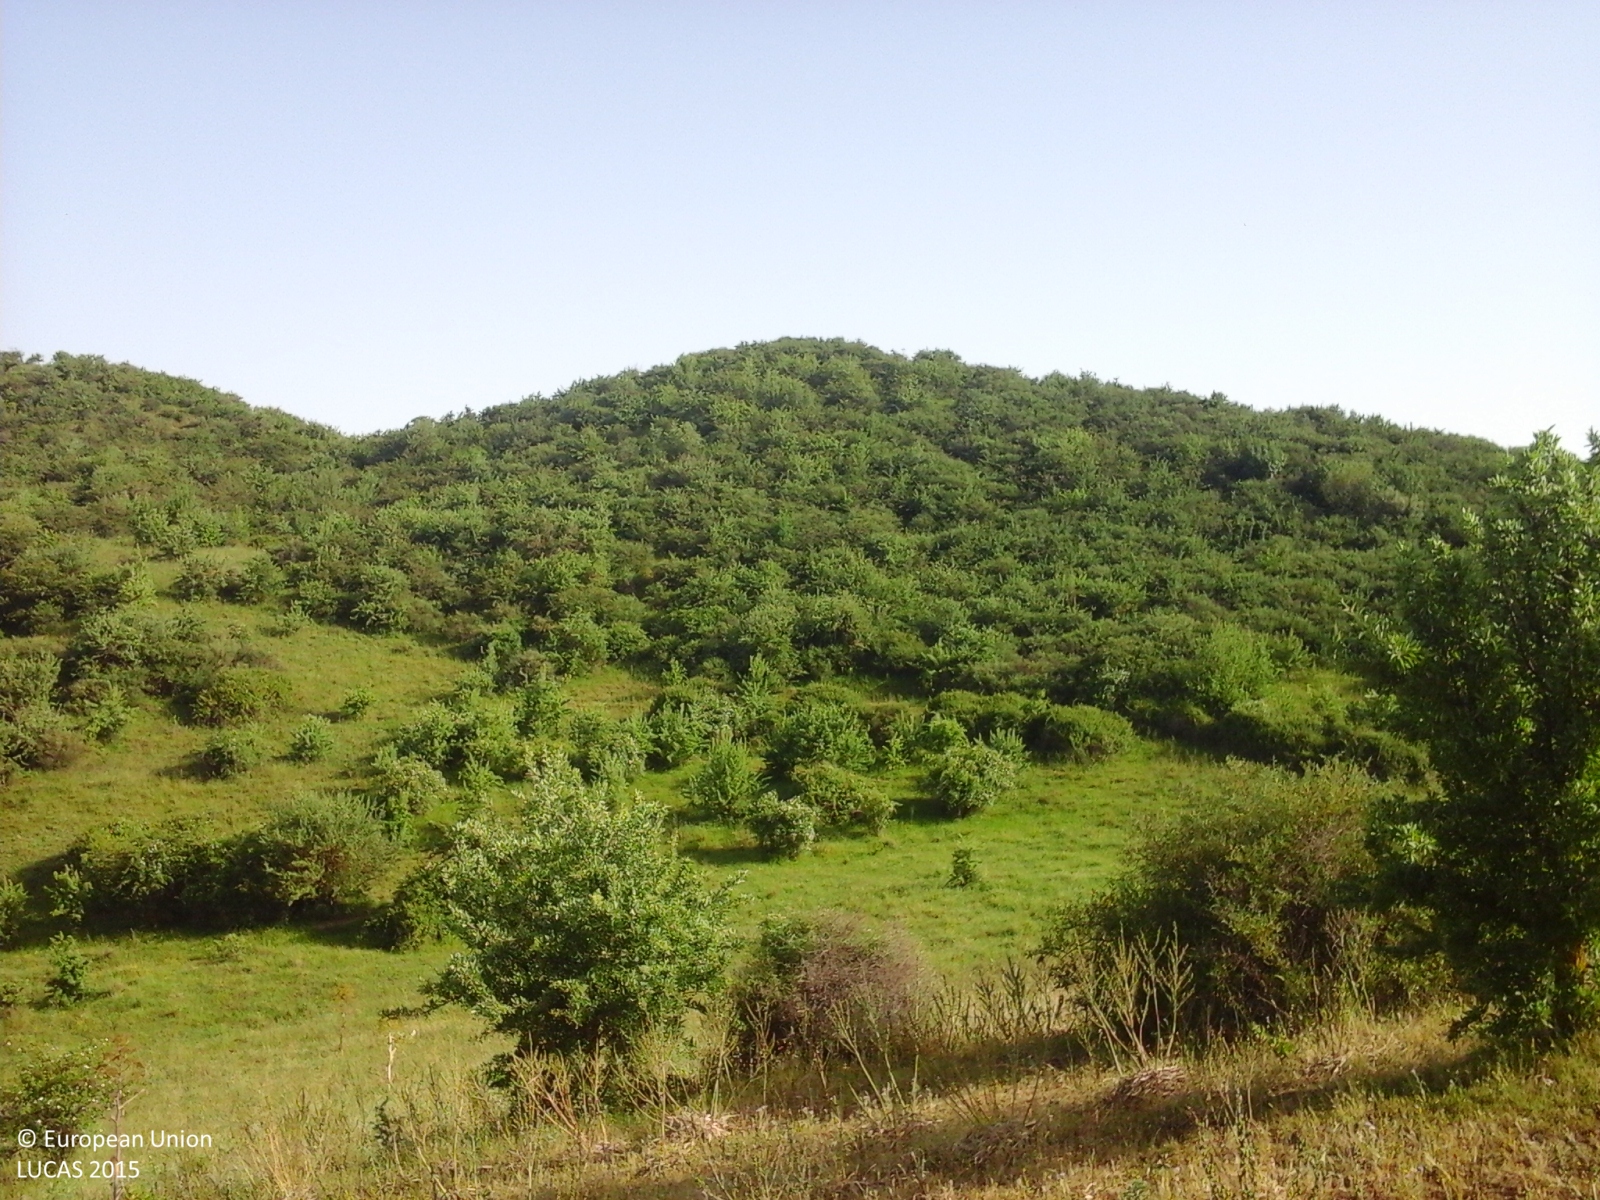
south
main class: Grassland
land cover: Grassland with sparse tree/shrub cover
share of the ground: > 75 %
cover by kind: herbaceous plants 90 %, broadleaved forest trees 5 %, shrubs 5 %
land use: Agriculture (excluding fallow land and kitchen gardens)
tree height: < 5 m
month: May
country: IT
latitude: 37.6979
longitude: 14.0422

====================

What the task asks:
Please output all of the entries exactly as they appear, with no pictures.

Answer box:
south
main class: Grassland
land cover: Grassland with sparse tree/shrub cover
share of the ground: > 75 %
cover by kind: herbaceous plants 90 %, broadleaved forest trees 5 %, shrubs 5 %
land use: Agriculture (excluding fallow land and kitchen gardens)
tree height: < 5 m
month: May
country: IT
latitude: 37.6979
longitude: 14.0422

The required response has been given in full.